The answer is (5,-5), but I don't know why...


#2: Write an equation satisfied by the graph obtained by shifting y=2x-5 three units to the left.

The answer is y=2x+1

I know when an equation is shown moving to the left, it is put in parentheses and a number is added to it (for example y=x^2 becomes y=(x^2+2) when it is moved two places to the left). However, I do not know how to do this problem.

Could someone please help me?

Several things you can do. First off, these aren't calc questions, afaik.

1. Can you write down the equation determined by the two points? If so, then I guess you have choices to plug into the equation to see if they work.
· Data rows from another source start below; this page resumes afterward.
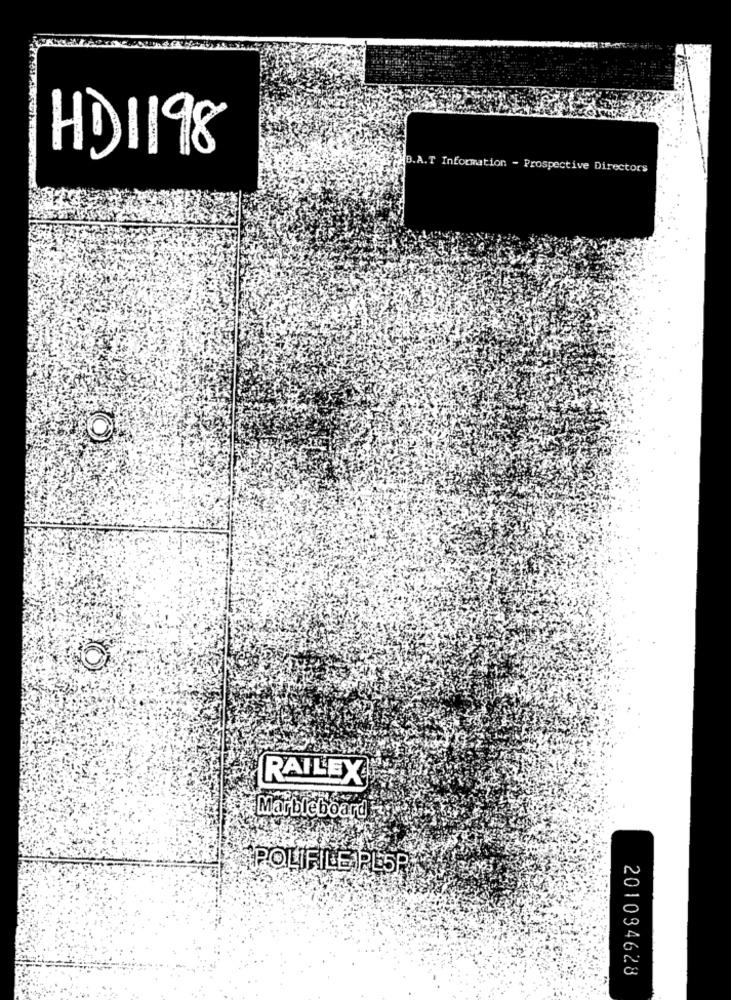
HD 1198
D.A. T Information - Prospective Directors
RAILEX
Marbleboard
POLIFILE PLSF
201034628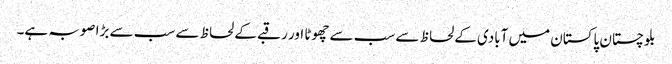
بلوچستان پاکستان میں آبادی کے لحاظ سے سب سے چھوٹا اور رقبے کے لحاظ سے سب سے بڑا صوبہ ہے۔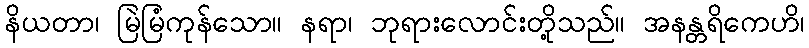
နိယတာ၊ မြဲမြံကုန်သော။ နရာ၊ ဘုရားလောင်းတို့သည်။ အနန္တရိကေဟိ၊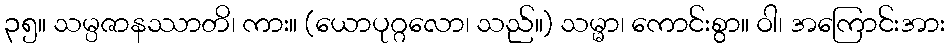
၃၅။ သမ္ပဇာနဿာတိ၊ ကား။ (ယောပုဂ္ဂလော၊ သည်။) သမ္မာ၊ ကောင်းစွာ။ ဝါ၊ အကြောင်းအား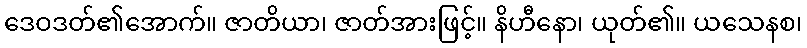
ဒေဝဒတ်၏အောက်။ ဇာတိယာ၊ ဇာတ်အားဖြင့်။ နိဟီနော၊ ယုတ်၏။ ယသေနစ၊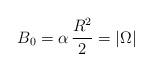
LaTeX: \begin{align*}B_0=\alpha\,\frac{R^2}{2}=|\Omega|\end{align*}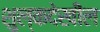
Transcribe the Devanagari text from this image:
शुल्कदेखील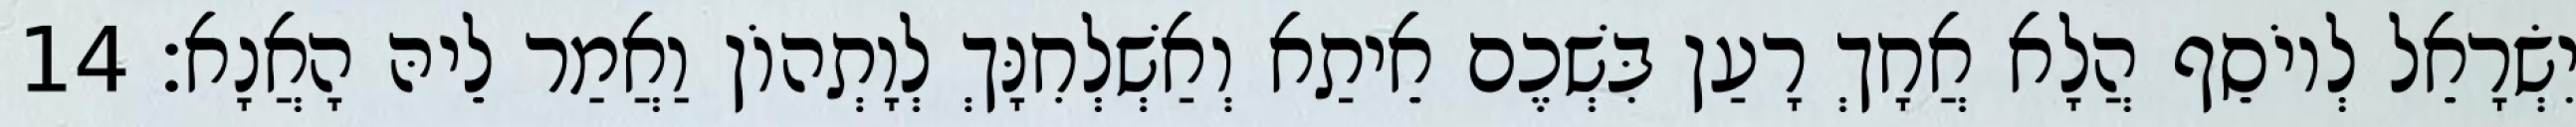
יִשְׂרָאֵל לְיוֹסֵף הֲלָא אֲחָךְ רָעַן בִּשְׁכֶם אֵיתַא וְאַשְׁלְחִנָּךְ לְוָתְהוֹן וַאֲמַר לֵיהּ הָאֲנָא׃ 14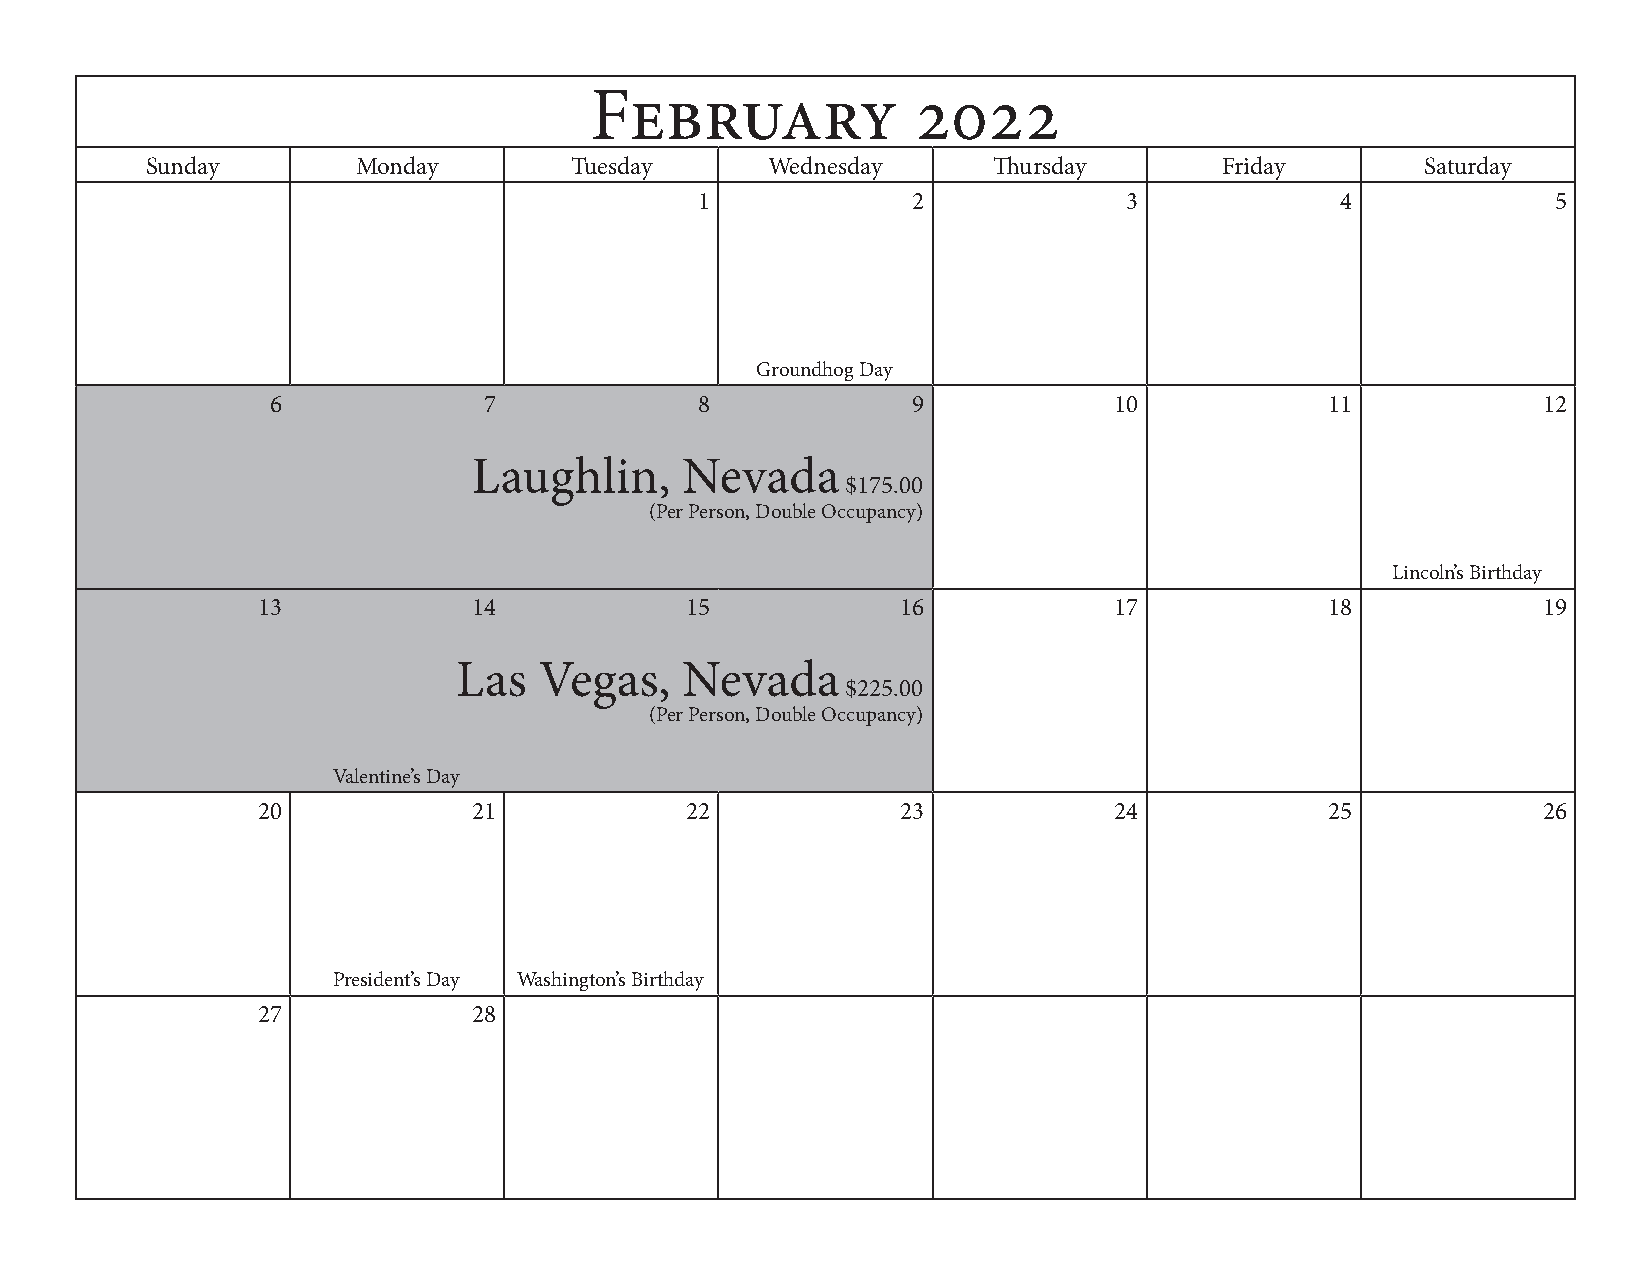
February              2022
 Sunday        Monday        Tuesday      Wednesday      Thursday       Friday       Saturday
 1             2              3             4             5
 Groundhog Day
 6             7             8             9             10            11            12
 Laughlin,     Nevada
 $175.00
 (Per Person, Double Occupancy)
 Lincoln’s Birthday
 13            14            15             16            17            18            19
 Las   Vegas,   Nevada
 $225.00
 (Per Person, Double Occupancy)
 Valentine’s Day
 20            21            22             23            24            25            26
 President’s Day Washington’s Birthday
 27            28

2. The easiest thing to do is to just plot the thing and move it 3 units to the left, and see what you get. But you can also just apply some transforms. In your case, you can shift your function to the left ( f(x) -> f(x+3) ) by applying that transform.

See what you get :)
 
  • #3
Thanks for the reply! I think I'm starting to remember this...

Yeah I know these aren't really calc questions, but they were in the beginning section of my calc. book.

Thanks for your help!
 
  • #4
Anytime :D
 
  • #5
Okay, I'm still having trouble with the second question. I know I may sound really stupid, but I tried to solve it by doing f(x)=(2x-5+3), and did not get the correct answer. What am I doing incorrectly?
 
  • #6
Consider rewriting f(x) = 2x-5 as f(x) = 2(x-5/2).. and see if you get anything from there...
 
  • #7
Now I understand! I was having a bit of a mental block at hte moment... Thank you very much! :)
 

1. How do I find the point of intersection for two curves?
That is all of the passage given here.